> **TASK REQUIREMENTS**
Omit every picture and write out the rest of the records exactly.

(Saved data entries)
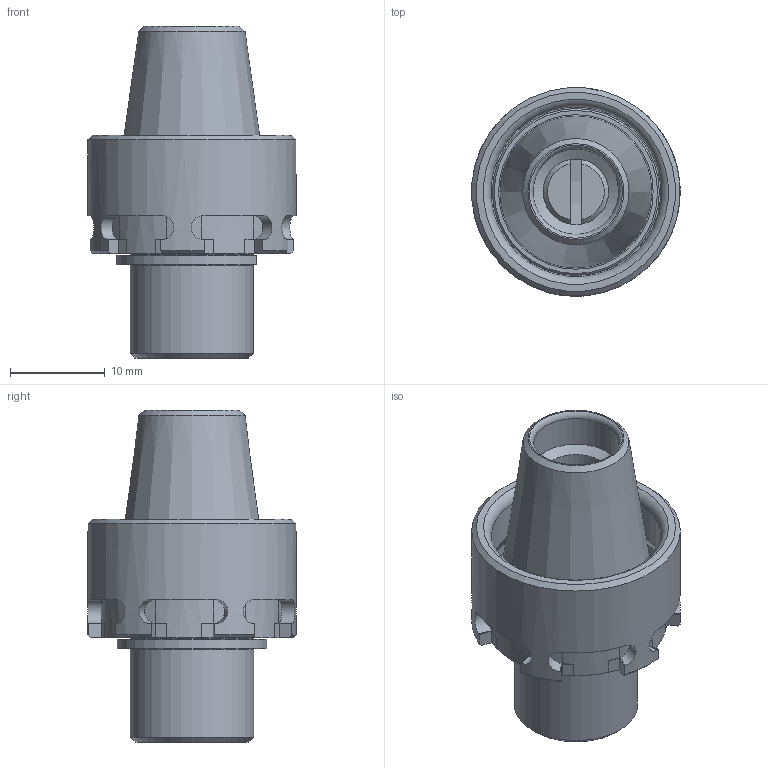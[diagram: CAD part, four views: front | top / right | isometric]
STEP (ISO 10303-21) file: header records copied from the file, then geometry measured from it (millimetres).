
FILE_DESCRIPTION(/* description */ (''),/* implementation_level */ '2;1');
FILE_NAME(/* name */ '716416110.stp',/* time_stamp */ '2021-01-27T12:44:01',/* author */ ('LRA'),/* organization */ ('REGO-FIX'),/* preprocessor_version */ ' Unknown',/* originating_system */ 'SIEMENS PLM Software Solid Edge ST10',/* authorization */ 'Unknown');
FILE_SCHEMA (('AUTOMOTIVE_DESIGN { 1 0 10303 214 2 1 1}'));
Length unit declared in the file: millimetre
Products named in the file (1): NOCUT
Bounding box: 21.97 x 22 x 35 mm (x, y, z)
Volume: 5162 mm3; surface area: 4693.7 mm2
Topology: 1 solids, 1 shells, 143 faces, 351 edges, 221 vertices
Faces by surface type: plane 76, cylinder 37, cone 24, torus 6
Full cylindrical faces by diameter (mm): 6.917 x2, 7.5 x1, 9 x1, 11.8 x1, 13 x2, 13.4 x1, 15.5 x1, 17.6 x1, 17.917 x1, 18.2 x1, 19.3 x1, 22 x1
Entity records: 5064 total; most frequent: CARTESIAN_POINT 777, DIRECTION 710, ORIENTED_EDGE 620, EDGE_CURVE 310, AXIS2_PLACEMENT_3D 277, VERTEX_POINT 212, EDGE_LOOP 186, FACE_BOUND 186
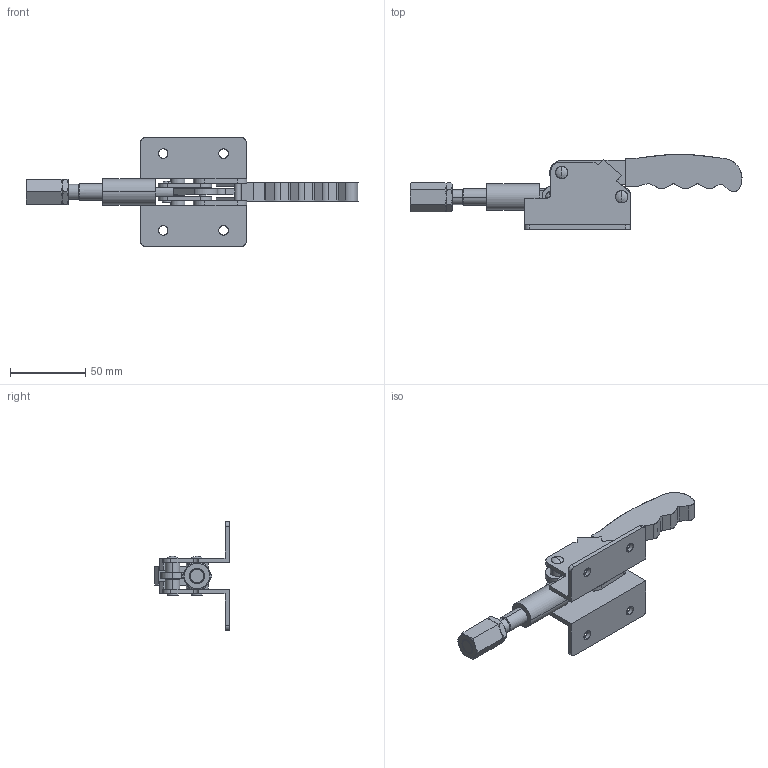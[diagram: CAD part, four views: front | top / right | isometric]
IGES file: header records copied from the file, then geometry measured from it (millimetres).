
Start section: SolidWorks IGES file using analytic representation for surfaces
Global section: file name: GH-302-DM(ﾂｲ､ﾆ).IGS,; native system: SolidWorks 2016; preprocessor: SolidWorks 2016; author: LinWei; date: 200706.110006; units: millimetre
Bounding box: 220.16 x 49.77 x 72 mm (x, y, z)
Surface area: 42321 mm2 (no closed solid volume)
Topology: 0 solids, 0 shells, 229 faces, 3848 edges, 3845 vertices
Faces by surface type: revolution 123, bspline 106
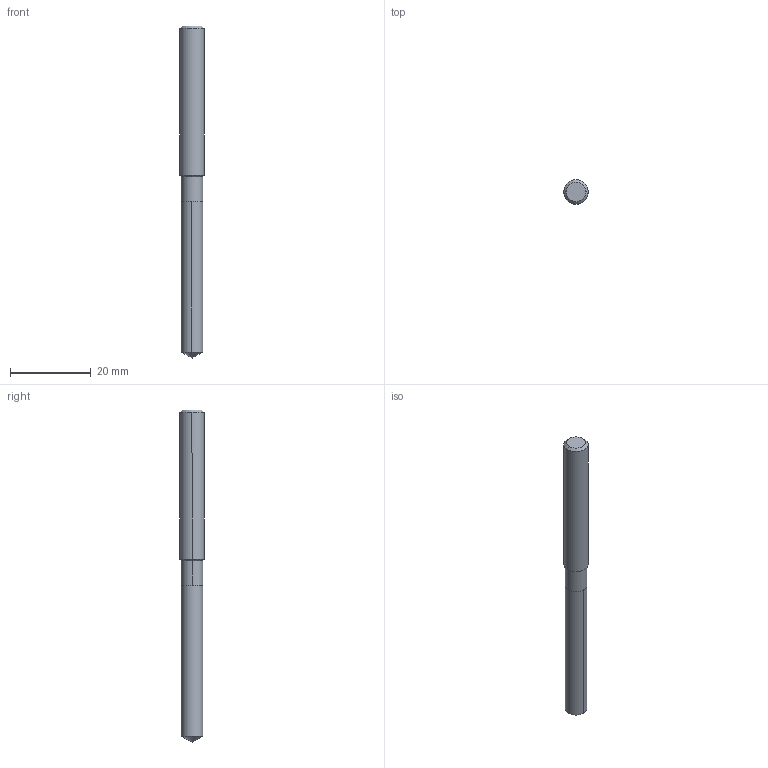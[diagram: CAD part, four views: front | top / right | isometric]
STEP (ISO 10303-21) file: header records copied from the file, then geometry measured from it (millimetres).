
FILE_DESCRIPTION (( 'STEP AP203' ), '1' );
FILE_NAME ('64823.STEP', '2024-04-24T19:02:20', ( '' ), ( '' ), 'SwSTEP 2.0', 'SolidWorks 2023', '' );
FILE_SCHEMA (( 'CONFIG_CONTROL_DESIGN' ));
Length unit declared in the file: inch
Products named in the file (1): 64823
Bounding box: 6 x 6 x 82 mm (x, y, z)
Volume: 2015.3 mm3; surface area: 1516.1 mm2
Topology: 2 solids, 2 shells, 17 faces, 32 edges, 17 vertices
Faces by surface type: cone 8, cylinder 6, plane 3
Entity records: 485 total; most frequent: DIRECTION 82, CARTESIAN_POINT 65, ORIENTED_EDGE 60, AXIS2_PLACEMENT_3D 34, EDGE_CURVE 30, FACE_OUTER_BOUND 17, ADVANCED_FACE 17, VERTEX_POINT 17

> **EXERCISE RESPONSE**
[diagram: CAD part, four views: front | top / right | isometric]
STEP (ISO 10303-21) file: header records copied from the file, then geometry measured from it (millimetres).
FILE_DESCRIPTION(/* description */ (''),/* implementation_level */ '2;1');
FILE_NAME(/* name */ '716416110.stp',/* time_stamp */ '2021-01-27T12:44:01',/* author */ ('LRA'),/* organization */ ('REGO-FIX'),/* preprocessor_version */ ' Unknown',/* originating_system */ 'SIEMENS PLM Software Solid Edge ST10',/* authorization */ 'Unknown');
FILE_SCHEMA (('AUTOMOTIVE_DESIGN { 1 0 10303 214 2 1 1}'));
Length unit declared in the file: millimetre
Products named in the file (1): NOCUT
Bounding box: 21.97 x 22 x 35 mm (x, y, z)
Volume: 5162 mm3; surface area: 4693.7 mm2
Topology: 1 solids, 1 shells, 143 faces, 351 edges, 221 vertices
Faces by surface type: plane 76, cylinder 37, cone 24, torus 6
Full cylindrical faces by diameter (mm): 6.917 x2, 7.5 x1, 9 x1, 11.8 x1, 13 x2, 13.4 x1, 15.5 x1, 17.6 x1, 17.917 x1, 18.2 x1, 19.3 x1, 22 x1
Entity records: 5064 total; most frequent: CARTESIAN_POINT 777, DIRECTION 710, ORIENTED_EDGE 620, EDGE_CURVE 310, AXIS2_PLACEMENT_3D 277, VERTEX_POINT 212, EDGE_LOOP 186, FACE_BOUND 186
[diagram: CAD part, four views: front | top / right | isometric]
IGES file: header records copied from the file, then geometry measured from it (millimetres).
Start section: SolidWorks IGES file using analytic representation for surfaces
Global section: file name: GH-302-DM(ﾂｲ､ﾆ).IGS,; native system: SolidWorks 2016; preprocessor: SolidWorks 2016; author: LinWei; date: 200706.110006; units: millimetre
Bounding box: 220.16 x 49.77 x 72 mm (x, y, z)
Surface area: 42321 mm2 (no closed solid volume)
Topology: 0 solids, 0 shells, 229 faces, 3848 edges, 3845 vertices
Faces by surface type: revolution 123, bspline 106
[diagram: CAD part, four views: front | top / right | isometric]
STEP (ISO 10303-21) file: header records copied from the file, then geometry measured from it (millimetres).
FILE_DESCRIPTION (( 'STEP AP203' ), '1' );
FILE_NAME ('64823.STEP', '2024-04-24T19:02:20', ( '' ), ( '' ), 'SwSTEP 2.0', 'SolidWorks 2023', '' );
FILE_SCHEMA (( 'CONFIG_CONTROL_DESIGN' ));
Length unit declared in the file: inch
Products named in the file (1): 64823
Bounding box: 6 x 6 x 82 mm (x, y, z)
Volume: 2015.3 mm3; surface area: 1516.1 mm2
Topology: 2 solids, 2 shells, 17 faces, 32 edges, 17 vertices
Faces by surface type: cone 8, cylinder 6, plane 3
Entity records: 485 total; most frequent: DIRECTION 82, CARTESIAN_POINT 65, ORIENTED_EDGE 60, AXIS2_PLACEMENT_3D 34, EDGE_CURVE 30, FACE_OUTER_BOUND 17, ADVANCED_FACE 17, VERTEX_POINT 17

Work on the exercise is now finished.